The file set here isn't 'finalized' in any way but it's been stable for a few days. These examples are therefor not about THIS set of functions but about parsing in general, although this file set will very likely be part of the mc2 parsing system as a replacement for the dog that is currently implemented. :-)

[Re: "dog". Wow. Name clashes. This version may have the same problem but who knows at this point. Whatever the final version is, it can't use namespaces because then it can't be used in C.]

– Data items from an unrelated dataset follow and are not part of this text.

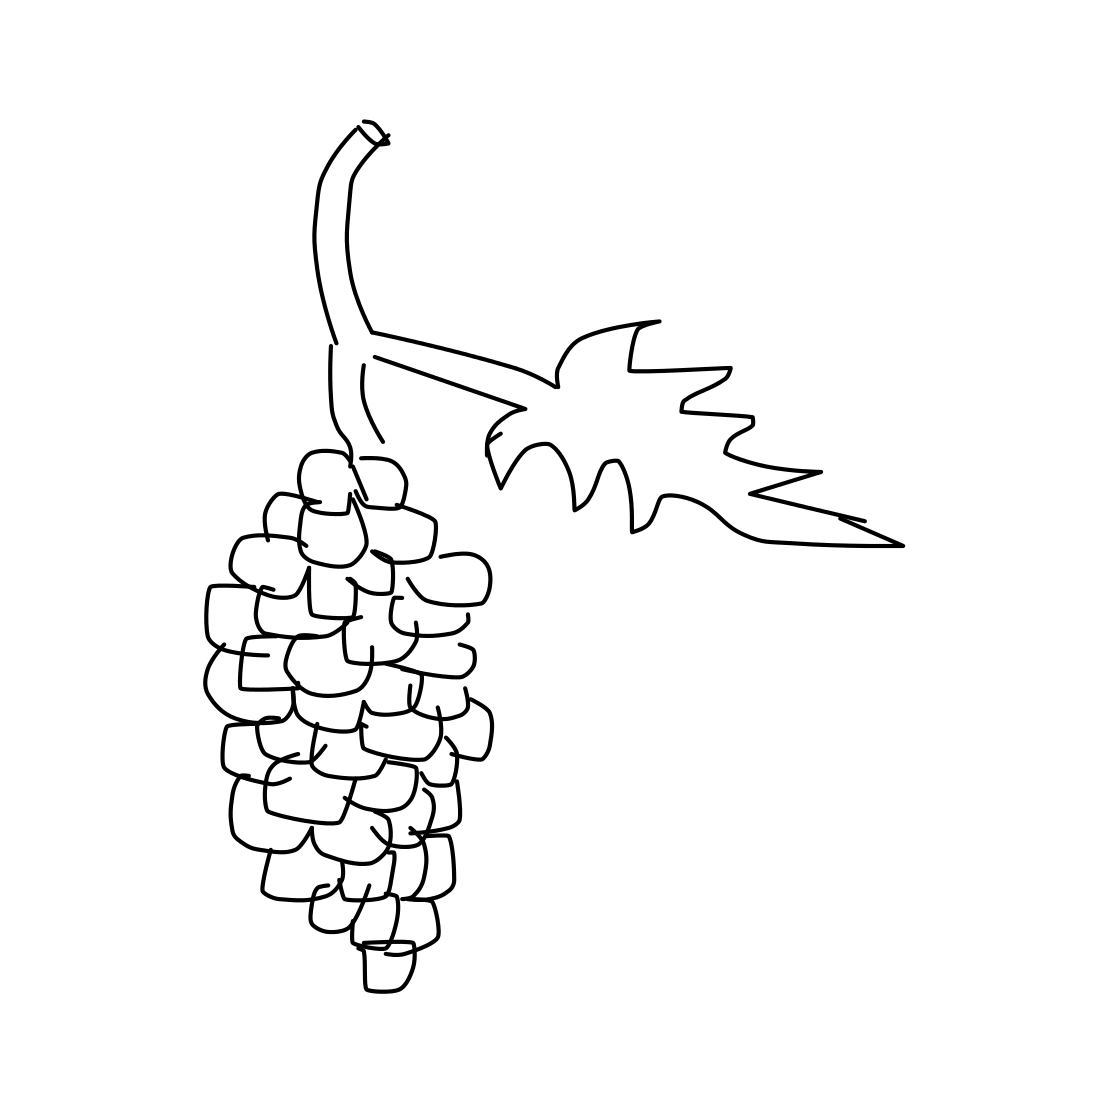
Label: grapes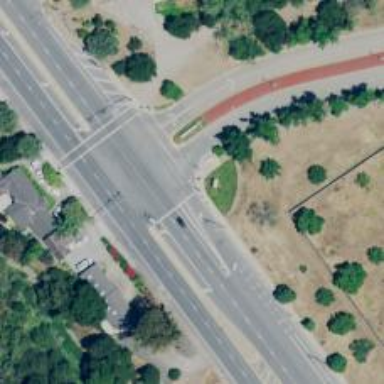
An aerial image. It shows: Solid stop line on the road marking.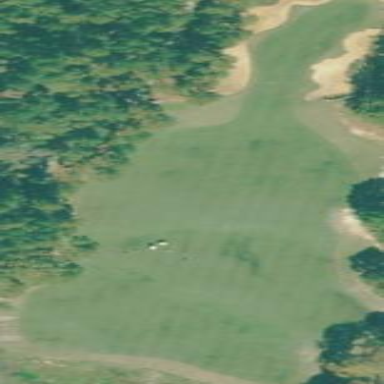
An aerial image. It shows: Grassy area designated as golf fairway.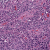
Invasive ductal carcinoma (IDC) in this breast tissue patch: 1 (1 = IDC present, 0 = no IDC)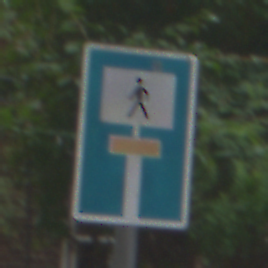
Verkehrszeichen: SackgasseFussgaengerDurchlaessig
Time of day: MorningAfternoon
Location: Outdoor (Urban)
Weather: Overcast
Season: NotSpecified
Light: Natural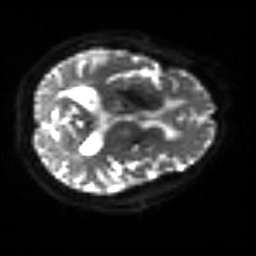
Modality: sbref
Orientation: axial
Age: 54
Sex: female
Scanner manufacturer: siemens
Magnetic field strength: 3 T
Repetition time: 3.2 s
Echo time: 0.081 s
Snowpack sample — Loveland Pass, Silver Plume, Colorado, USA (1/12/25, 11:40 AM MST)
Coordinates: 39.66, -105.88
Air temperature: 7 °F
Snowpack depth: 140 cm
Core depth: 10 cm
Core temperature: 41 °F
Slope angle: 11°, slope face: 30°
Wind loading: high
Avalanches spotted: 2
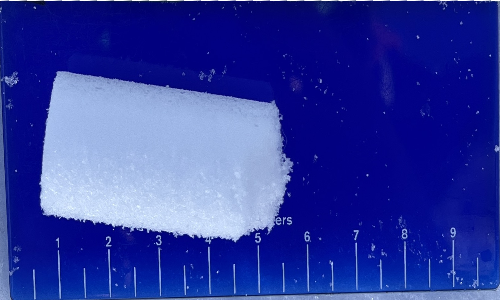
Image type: core
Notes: Pilot using slightly modified coring method that took too large segment for snow profile picturing, advised not to use in higher level models. Two avalanche on south face nearby, partially cloudy with light snow in the last 24 hours. Lots of wind loading on eastern features.

-----------------------------
Note: These are compiled with gcc, but the files are named *.cpp. This is for the additional error checking done in C++, though the files will likely be renamed *.c after being fully tested with the more strict types and syntax checking.
-----------------------------

What's parsing?

It's taking input in one format and converting it to another. The input is usually text, but it could be anything that can be divided up into 'parcels' (parsed) and translated into another form.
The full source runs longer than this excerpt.